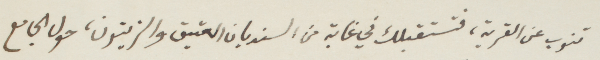
تنوب عن القرية، فتستقبلك في غابة من السنديان العتيق والزيتون، حول الجامع
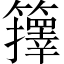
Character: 籜
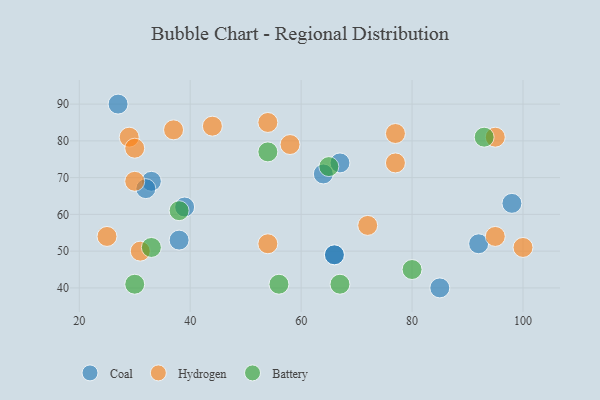
{"axis": {"x": "GDP", "y": "Life Expectancy"}, "legend": ["Battery", "Coal", "Hydrogen"], "data": [{"x": "27", "y": 90, "type": "Coal"}, {"x": "33", "y": 69, "type": "Coal"}, {"x": "66", "y": 49, "type": "Coal"}, {"x": "67", "y": 74, "type": "Coal"}, {"x": "98", "y": 63, "type": "Coal"}, {"x": "85", "y": 40, "type": "Coal"}, {"x": "32", "y": 67, "type": "Coal"}, {"x": "38", "y": 53, "type": "Coal"}, {"x": "64", "y": 71, "type": "Coal"}, {"x": "66", "y": 49, "type": "Coal"}, {"x": "39", "y": 62, "type": "Coal"}, {"x": "92", "y": 52, "type": "Coal"}, {"x": "100", "y": 51, "type": "Hydrogen"}, {"x": "29", "y": 81, "type": "Hydrogen"}, {"x": "95", "y": 54, "type": "Hydrogen"}, {"x": "30", "y": 78, "type": "Hydrogen"}, {"x": "37", "y": 83, "type": "Hydrogen"}, {"x": "44", "y": 84, "type": "Hydrogen"}, {"x": "25", "y": 54, "type": "Hydrogen"}, {"x": "54", "y": 52, "type": "Hydrogen"}, {"x": "72", "y": 57, "type": "Hydrogen"}, {"x": "54", "y": 85, "type": "Hydrogen"}, {"x": "95", "y": 81, "type": "Hydrogen"}, {"x": "77", "y": 82, "type": "Hydrogen"}, {"x": "31", "y": 50, "type": "Hydrogen"}, {"x": "77", "y": 74, "type": "Hydrogen"}, {"x": "58", "y": 79, "type": "Hydrogen"}, {"x": "30", "y": 69, "type": "Hydrogen"}, {"x": "30", "y": 41, "type": "Battery"}, {"x": "67", "y": 41, "type": "Battery"}, {"x": "93", "y": 81, "type": "Battery"}, {"x": "56", "y": 41, "type": "Battery"}, {"x": "33", "y": 51, "type": "Battery"}, {"x": "38", "y": 61, "type": "Battery"}, {"x": "54", "y": 77, "type": "Battery"}, {"x": "65", "y": 73, "type": "Battery"}, {"x": "80", "y": 45, "type": "Battery"}]}
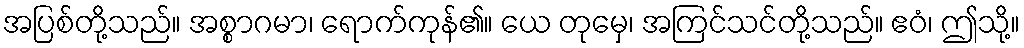
အပြစ်တို့သည်။ အစ္စာဂမာ၊ ရောက်ကုန်၏။ ယေ တုမှေ၊ အကြင်သင်တို့သည်။ ဧဝံ၊ ဤသို့။
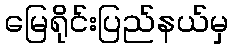
မြေရိုင်းပြည်နယ်မှ
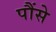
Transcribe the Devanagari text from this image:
पौंसे
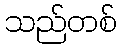
သည်တစ်
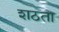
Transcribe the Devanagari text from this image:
शठता
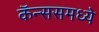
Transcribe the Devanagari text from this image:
कॅन्ससमध्ये
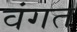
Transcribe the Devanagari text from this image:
वंगत
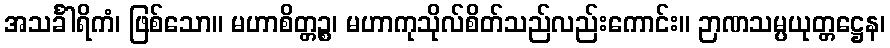
အသင်္ခါရိကံ၊ ဖြစ်သော။ မဟာစိတ္တဉ္စ၊ မဟာကုသိုလ်စိတ်သည်လည်းကောင်း။ ဉာဏသမ္ပယုတ္တဋ္ဌေန၊
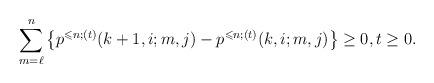
LaTeX: \begin{align*}\sum_{m=\ell}^n\left\{ p^{\leqslant n;(t)}(k+1,i;m,j) - p^{\leqslant n;(t)}(k,i;m,j) \right\} \ge 0,t \ge 0.\end{align*}
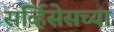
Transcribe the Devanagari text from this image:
सर्व्हिसेसच्या
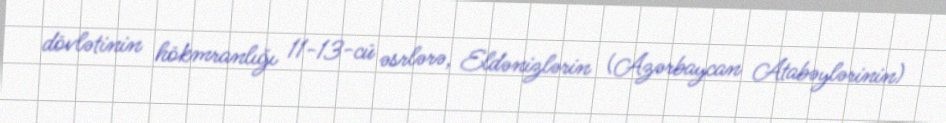
dövlətinin hökmranlığı 11-13-cü əsrlərə, Eldənizlərin (Azərbaycan Atabəylərinin)
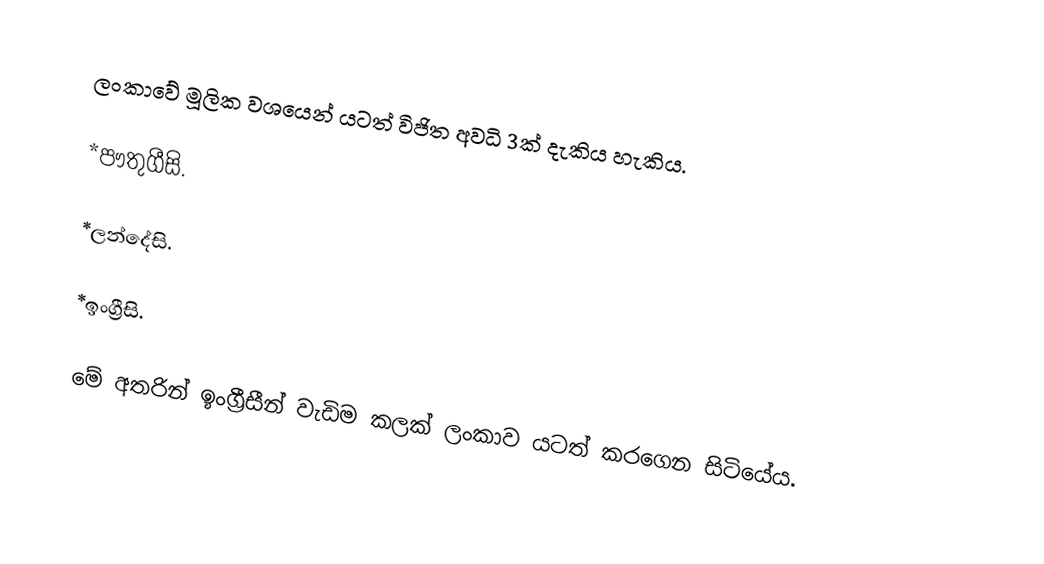
ලංකාවේ මූලික වශයෙන් යටත් විජිත අවධි 3ක් දැකිය හැකිය.

*පෟතුගීසි.

*ලන්දේසි.

*ඉංග්‍රීසි.

මේ අතරින් ඉංග්‍රීසීන් වැඩිම කලක් ලංකාව යටත් කරගෙන සිටියේය.
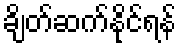
ချိတ်ဆက်နိုင်ရန်
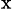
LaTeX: _\mathrm{x}
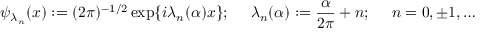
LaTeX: \psi _ { \lambda _ { n } } ( x ) : = ( 2 \pi ) ^ { - 1 / 2 } \exp \{ i \lambda _ { n } ( \alpha ) x \} ; ~ ~ ~ ~ \lambda _ { n } ( \alpha ) : = \frac { \alpha } { 2 \pi } + n ; ~ ~ ~ ~ n = 0 , \pm 1 , \ldots
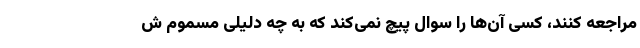
مراجعه کنند، کسی آن‌ها را سوال پیچ نمی‌کند که به چه دلیلی مسموم ش
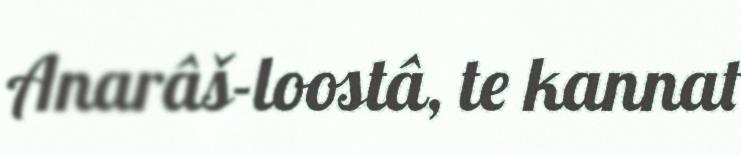
Anarâš-loostâ, te kannat

━━━━━━

• Work instructions
Return all of the records above exactly as written. Omit each picture.

• Answer area
تنوب عن القرية، فتستقبلك في غابة من السنديان العتيق والزيتون، حول الجامع
Character: 籜
{"axis": {"x": "GDP", "y": "Life Expectancy"}, "legend": ["Battery", "Coal", "Hydrogen"], "data": [{"x": "27", "y": 90, "type": "Coal"}, {"x": "33", "y": 69, "type": "Coal"}, {"x": "66", "y": 49, "type": "Coal"}, {"x": "67", "y": 74, "type": "Coal"}, {"x": "98", "y": 63, "type": "Coal"}, {"x": "85", "y": 40, "type": "Coal"}, {"x": "32", "y": 67, "type": "Coal"}, {"x": "38", "y": 53, "type": "Coal"}, {"x": "64", "y": 71, "type": "Coal"}, {"x": "66", "y": 49, "type": "Coal"}, {"x": "39", "y": 62, "type": "Coal"}, {"x": "92", "y": 52, "type": "Coal"}, {"x": "100", "y": 51, "type": "Hydrogen"}, {"x": "29", "y": 81, "type": "Hydrogen"}, {"x": "95", "y": 54, "type": "Hydrogen"}, {"x": "30", "y": 78, "type": "Hydrogen"}, {"x": "37", "y": 83, "type": "Hydrogen"}, {"x": "44", "y": 84, "type": "Hydrogen"}, {"x": "25", "y": 54, "type": "Hydrogen"}, {"x": "54", "y": 52, "type": "Hydrogen"}, {"x": "72", "y": 57, "type": "Hydrogen"}, {"x": "54", "y": 85, "type": "Hydrogen"}, {"x": "95", "y": 81, "type": "Hydrogen"}, {"x": "77", "y": 82, "type": "Hydrogen"}, {"x": "31", "y": 50, "type": "Hydrogen"}, {"x": "77", "y": 74, "type": "Hydrogen"}, {"x": "58", "y": 79, "type": "Hydrogen"}, {"x": "30", "y": 69, "type": "Hydrogen"}, {"x": "30", "y": 41, "type": "Battery"}, {"x": "67", "y": 41, "type": "Battery"}, {"x": "93", "y": 81, "type": "Battery"}, {"x": "56", "y": 41, "type": "Battery"}, {"x": "33", "y": 51, "type": "Battery"}, {"x": "38", "y": 61, "type": "Battery"}, {"x": "54", "y": 77, "type": "Battery"}, {"x": "65", "y": 73, "type": "Battery"}, {"x": "80", "y": 45, "type": "Battery"}]}
အပြစ်တို့သည်။ အစ္စာဂမာ၊ ရောက်ကုန်၏။ ယေ တုမှေ၊ အကြင်သင်တို့သည်။ ဧဝံ၊ ဤသို့။
မြေရိုင်းပြည်နယ်မှ
Transcribe the Devanagari text from this image:
पौंसे
သည်တစ်
Transcribe the Devanagari text from this image:
शठता
Transcribe the Devanagari text from this image:
कॅन्ससमध्ये
Transcribe the Devanagari text from this image:
वंगत
အသင်္ခါရိကံ၊ ဖြစ်သော။ မဟာစိတ္တဉ္စ၊ မဟာကုသိုလ်စိတ်သည်လည်းကောင်း။ ဉာဏသမ္ပယုတ္တဋ္ဌေန၊
LaTeX: \begin{align*}\sum_{m=\ell}^n\left\{ p^{\leqslant n;(t)}(k+1,i;m,j) - p^{\leqslant n;(t)}(k,i;m,j) \right\} \ge 0,t \ge 0.\end{align*}
Transcribe the Devanagari text from this image:
सर्व्हिसेसच्या
dövlətinin hökmranlığı 11-13-cü əsrlərə, Eldənizlərin (Azərbaycan Atabəylərinin)
ලංකාවේ මූලික වශයෙන් යටත් විජිත අවධි 3ක් දැකිය හැකිය.

*පෟතුගීසි.

*ලන්දේසි.

*ඉංග්‍රීසි.

මේ අතරින් ඉංග්‍රීසීන් වැඩිම කලක් ලංකාව යටත් කරගෙන සිටියේය.
ချိတ်ဆက်နိုင်ရန်
LaTeX: _\mathrm{x}
LaTeX: \psi _ { \lambda _ { n } } ( x ) : = ( 2 \pi ) ^ { - 1 / 2 } \exp \{ i \lambda _ { n } ( \alpha ) x \} ; ~ ~ ~ ~ \lambda _ { n } ( \alpha ) : = \frac { \alpha } { 2 \pi } + n ; ~ ~ ~ ~ n = 0 , \pm 1 , \ldots
مراجعه کنند، کسی آن‌ها را سوال پیچ نمی‌کند که به چه دلیلی مسموم ش
Anarâš-loostâ, te kannat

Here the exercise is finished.